But some people did, mainly people from some of the nation’s best college football programs.

“I graded the high school quarterbacks myself,” Nebraska Coach Tom Osborne said. “I looked at all the film and rated him the highest of the ones I saw. I liked the way he threw, and although they didn’t run many options at Lincoln, I could see he could run the ball. I figured running the option was something he could pick up once he was here.”

It didn’t take him long. In a program in which almost every freshman is redshirted, Taylor went from starting quarterback on the junior varsity team to a backup on the varsity in four games. He showed promise when he came off the bench in the fourth quarter of the 1986 Fiesta Bowl against Michigan. He rushed 10 times for 76 yards and 1 touchdown as he helped the Huskers cut a 27-14 deficit before they lost, 27-23.
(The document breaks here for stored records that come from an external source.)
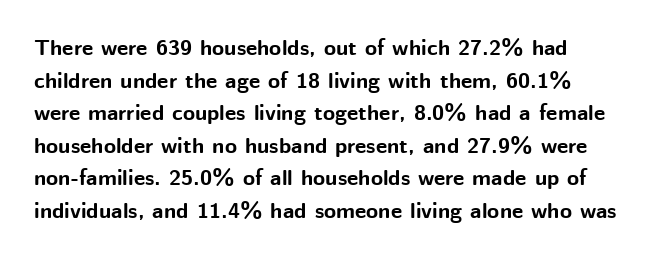
{"italic": "no", "bold": "yes", "underline": "no", "align": "left", "line_spacing": "normal", "line_spacing_ratio": 1.48, "letter_spacing": "normal", "letter_spacing_em": 0.0, "glyph_px": 22}
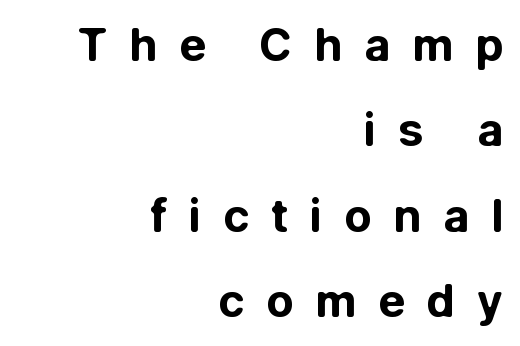
{"serif": "no", "italic": "no", "bold": "yes", "weight": "bold", "width": "normal", "stroke_contrast": "low", "x_height": "medium", "monospaced": "no", "underline": "no", "align": "right", "line_spacing": "loose", "line_spacing_ratio": 1.9, "letter_spacing": "wide", "letter_spacing_em": 0.48, "glyph_px": 45}
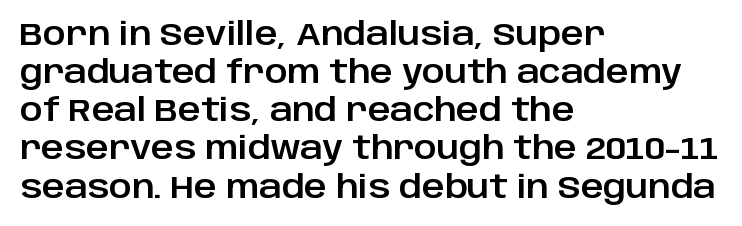
Q: Is the text italic (slanted)? A: No, it is upright.
Q: Is the typeface a serif or a sans-serif typeface? A: Sans-serif.
Q: Is the text underlined? A: No.
Q: How is the paragraph aligned? A: Left-aligned.
Q: Is the spacing between letters normal or unusually wide? A: Normal.
Q: Width (condensed, normal, or wide)? A: Normal.
Q: Stroke contrast? A: Low.
Q: x-height? A: Large.
Q: Monospaced? A: No.
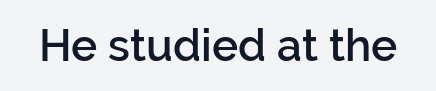
Characters remain perfectly vertical along every line. Slightly chunky letters — semibold, I'd say, not full bold. Note the varied advance widths — an 'i' is clearly narrower than an 'm'. The space beneath each line is pristine and unruled. How are the letters spaced? Ordinarily, with no added tracking.
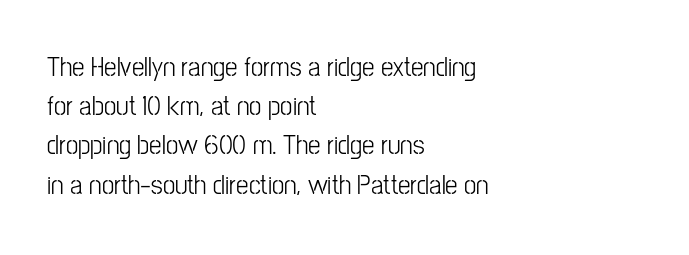
Q: Is the text italic (slanted)? A: No, it is upright.
Q: Is the typeface a serif or a sans-serif typeface? A: Sans-serif.
Q: Is the text underlined? A: No.
Q: How is the paragraph aligned? A: Left-aligned.
Q: Is the spacing between letters normal or unusually wide? A: Normal.
Q: Is the spacing between lines tight, normal or loose? A: Normal.
Q: Width (condensed, normal, or wide)? A: Condensed.
Q: Stroke contrast? A: Low.
Q: x-height? A: Medium.
Q: Monospaced? A: No.
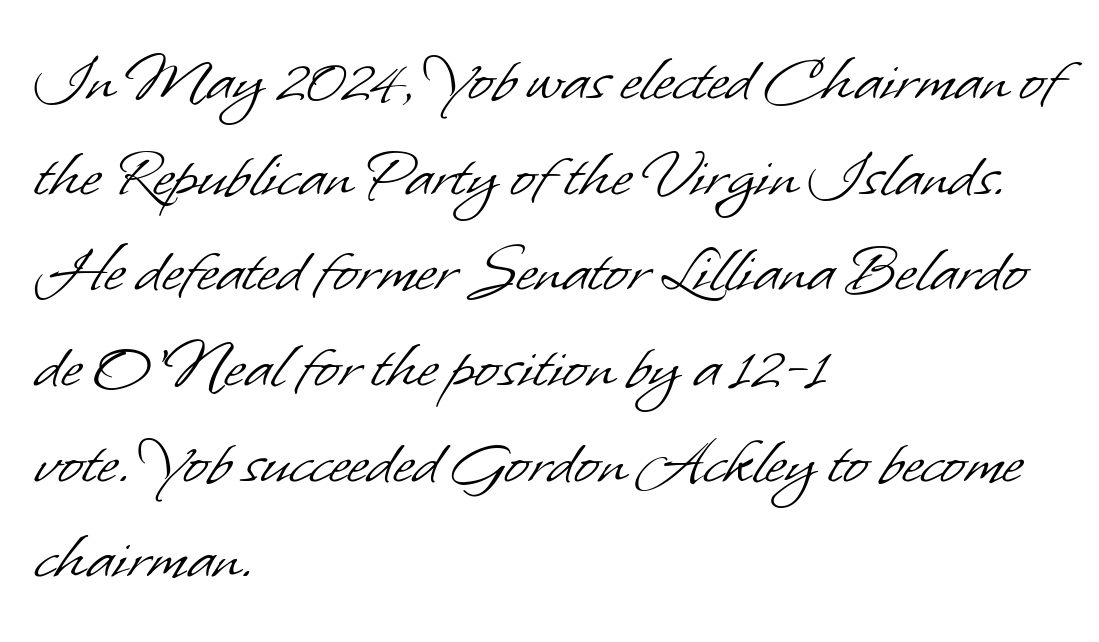
{"serif": "no", "bold": "no", "weight": "light", "width": "normal", "stroke_contrast": "low", "x_height": "small", "monospaced": "no", "underline": "no", "align": "left", "line_spacing": "normal", "line_spacing_ratio": 1.31, "letter_spacing": "normal", "letter_spacing_em": 0.0, "glyph_px": 73}

He won the starting job in spring practice before his sophomore season and has matured into one of college football’s premier quarterbacks. He has shown an ability to pass (tying the school record with five touchdown passes against UCLA) and run (finishing the 40-yard dash in 4.54 seconds). He has rushed for 6 touchdowns and thrown for 13 more. He has rushed 85 times for 455 yards, an average of 5.4 yards per carry, and has completed 46 of 93 passes for 802 yards with 5 interceptions.

Advertisement

” . . . You want to put the ball in his hands 30 or 35 times a game,” Osborne said. “Whether he throws it or runs it. He will make something happen.”

Taylor has become most deceptive when he runs. He moves across the field fluidly, hardly appearing to lift his feet off the ground. He dispels the myth that high knee action makes a great runner. Ask coaches and teammates to describe his style and one word repeats.

“He just kind of scoots,” said Broderick Thomas, Nebraska’s all-Big Eight defensive end and Taylor’s good friend on the team. “Scoots, that’s what he does, he just scoots. It’s really hard to tackle people like that because you never know where they are going. Their feet never come off the ground, but they’re still moving.”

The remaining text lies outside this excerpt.